The workgroup 4 (WG4, The webtool BISE) is creating a searchable database of collections, workflows and components. General web search engines, such as Google, generally return hits of collections but not to the level of components. In addition, workflows are in many cases hidden in biological papers and difficult to be discovered. For these reasons, the webtool is expected to become a useful tool for those conducting the bioimage analysis. The webtool is also designed to note impressions on the usability of components and workflows so that individual experiences can be swiftly shared within the community.
The workgroup 5 (WG5, benchmarking) is setting up a web tool enabling the interactive testing and benchmarking of some of the workflows from BISE. From this webtool the user will be able to select some specific annotated image dataset stored in an internal database and run compatible workflows on these images. The results from the analysis will be compared to the annotations (ground truth) to compute and display some problem specific performance metrics. The user will also be able to explore the results by interactively visualizing them overlaid on the original images. Since typically many workflows are available to solve a specific bioimage analysis problem, benchmarking them in such a unified environment is instrumental for fair comparison.

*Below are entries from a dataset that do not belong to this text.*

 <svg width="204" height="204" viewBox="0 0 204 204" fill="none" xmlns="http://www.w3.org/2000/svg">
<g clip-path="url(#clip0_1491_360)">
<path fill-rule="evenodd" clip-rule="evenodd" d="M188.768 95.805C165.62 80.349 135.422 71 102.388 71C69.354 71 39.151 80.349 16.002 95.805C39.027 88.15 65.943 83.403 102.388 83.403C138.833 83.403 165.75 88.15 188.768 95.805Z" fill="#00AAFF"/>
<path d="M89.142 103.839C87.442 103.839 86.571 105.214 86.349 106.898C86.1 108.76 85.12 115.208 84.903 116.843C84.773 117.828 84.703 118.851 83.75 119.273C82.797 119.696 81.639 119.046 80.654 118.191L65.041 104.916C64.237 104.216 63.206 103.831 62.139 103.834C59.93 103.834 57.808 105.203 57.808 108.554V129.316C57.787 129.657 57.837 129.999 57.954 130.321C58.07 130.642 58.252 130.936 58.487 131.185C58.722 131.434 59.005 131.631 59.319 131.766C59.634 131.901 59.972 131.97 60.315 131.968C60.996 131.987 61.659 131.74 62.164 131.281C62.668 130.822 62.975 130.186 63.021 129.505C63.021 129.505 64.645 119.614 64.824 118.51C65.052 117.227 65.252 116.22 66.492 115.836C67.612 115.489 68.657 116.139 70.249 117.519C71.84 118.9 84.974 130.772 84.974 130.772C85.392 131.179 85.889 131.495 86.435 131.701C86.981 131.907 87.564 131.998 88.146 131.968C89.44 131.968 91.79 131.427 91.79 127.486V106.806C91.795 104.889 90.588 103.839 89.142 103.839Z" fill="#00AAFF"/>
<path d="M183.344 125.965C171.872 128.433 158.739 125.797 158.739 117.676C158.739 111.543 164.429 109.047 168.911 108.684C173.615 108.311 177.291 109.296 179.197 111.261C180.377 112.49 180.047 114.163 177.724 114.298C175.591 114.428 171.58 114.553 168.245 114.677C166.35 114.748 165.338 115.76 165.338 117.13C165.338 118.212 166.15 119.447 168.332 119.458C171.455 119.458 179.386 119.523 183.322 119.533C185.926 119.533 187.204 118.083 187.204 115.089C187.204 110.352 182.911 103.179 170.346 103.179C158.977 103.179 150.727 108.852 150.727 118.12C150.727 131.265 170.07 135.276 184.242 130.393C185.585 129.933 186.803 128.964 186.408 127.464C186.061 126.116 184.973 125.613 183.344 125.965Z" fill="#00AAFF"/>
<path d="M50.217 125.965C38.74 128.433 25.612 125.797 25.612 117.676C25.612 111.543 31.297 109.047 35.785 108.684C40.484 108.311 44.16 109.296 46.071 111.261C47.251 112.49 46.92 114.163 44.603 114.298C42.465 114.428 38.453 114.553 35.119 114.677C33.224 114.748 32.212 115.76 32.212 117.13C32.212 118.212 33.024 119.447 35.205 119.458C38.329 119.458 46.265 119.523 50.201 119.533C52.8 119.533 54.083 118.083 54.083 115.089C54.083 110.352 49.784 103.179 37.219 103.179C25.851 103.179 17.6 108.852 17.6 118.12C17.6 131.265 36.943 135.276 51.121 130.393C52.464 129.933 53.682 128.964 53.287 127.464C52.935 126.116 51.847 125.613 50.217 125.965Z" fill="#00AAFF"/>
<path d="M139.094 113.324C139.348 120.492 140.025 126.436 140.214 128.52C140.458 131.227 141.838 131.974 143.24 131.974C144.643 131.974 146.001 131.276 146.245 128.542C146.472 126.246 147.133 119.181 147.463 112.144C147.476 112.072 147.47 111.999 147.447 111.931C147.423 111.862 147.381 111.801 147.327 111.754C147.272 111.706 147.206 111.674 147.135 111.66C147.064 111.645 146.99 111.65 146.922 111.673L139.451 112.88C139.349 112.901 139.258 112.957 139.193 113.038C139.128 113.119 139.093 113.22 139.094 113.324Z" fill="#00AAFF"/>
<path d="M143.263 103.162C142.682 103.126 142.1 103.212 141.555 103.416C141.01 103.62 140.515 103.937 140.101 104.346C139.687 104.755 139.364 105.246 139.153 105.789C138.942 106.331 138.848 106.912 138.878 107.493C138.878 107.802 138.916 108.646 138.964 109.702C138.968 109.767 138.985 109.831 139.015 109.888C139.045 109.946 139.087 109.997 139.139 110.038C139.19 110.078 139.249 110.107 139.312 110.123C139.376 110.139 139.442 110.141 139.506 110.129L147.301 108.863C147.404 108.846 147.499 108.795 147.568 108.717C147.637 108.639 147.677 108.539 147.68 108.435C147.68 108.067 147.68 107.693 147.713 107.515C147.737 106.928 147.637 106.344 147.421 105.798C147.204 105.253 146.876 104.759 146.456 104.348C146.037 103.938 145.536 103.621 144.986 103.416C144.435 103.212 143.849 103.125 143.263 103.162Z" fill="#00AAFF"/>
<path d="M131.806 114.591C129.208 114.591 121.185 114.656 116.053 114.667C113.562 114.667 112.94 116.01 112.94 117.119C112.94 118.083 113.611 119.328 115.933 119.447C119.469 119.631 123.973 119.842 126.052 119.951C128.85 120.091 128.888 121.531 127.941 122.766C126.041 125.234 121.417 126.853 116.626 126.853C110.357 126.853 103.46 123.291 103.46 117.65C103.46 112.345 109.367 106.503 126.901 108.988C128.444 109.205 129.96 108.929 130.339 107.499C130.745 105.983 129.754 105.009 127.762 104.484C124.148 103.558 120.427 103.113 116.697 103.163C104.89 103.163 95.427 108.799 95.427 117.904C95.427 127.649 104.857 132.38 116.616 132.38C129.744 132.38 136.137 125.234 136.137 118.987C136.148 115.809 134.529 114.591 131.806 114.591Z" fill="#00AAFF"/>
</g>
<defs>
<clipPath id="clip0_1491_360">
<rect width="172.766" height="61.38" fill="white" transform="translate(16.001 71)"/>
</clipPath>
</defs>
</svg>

The workgroup 6 (WG6, open publication) aims at publishing the NEUBIAS teaching materials based on the workflow-components concept for a wider distribution outside of the NEUBIAS community, with detailed explanation on practical workflows associated with specific biological problems, for a better and more effective bioimage analysis in the biological community.
The workgroup 3 (WG3, outreach) works on communicating the outcome of all these activities towards wider scientific community, and also to promote communication among NEUBIAS working groups.
Overall, various activities of NEUBIAS are consistently directed: They all are reaching toward a clearer procedure for choosing components and for a more efficient, explicit and reproducible authoring of workflows for biological image analysis.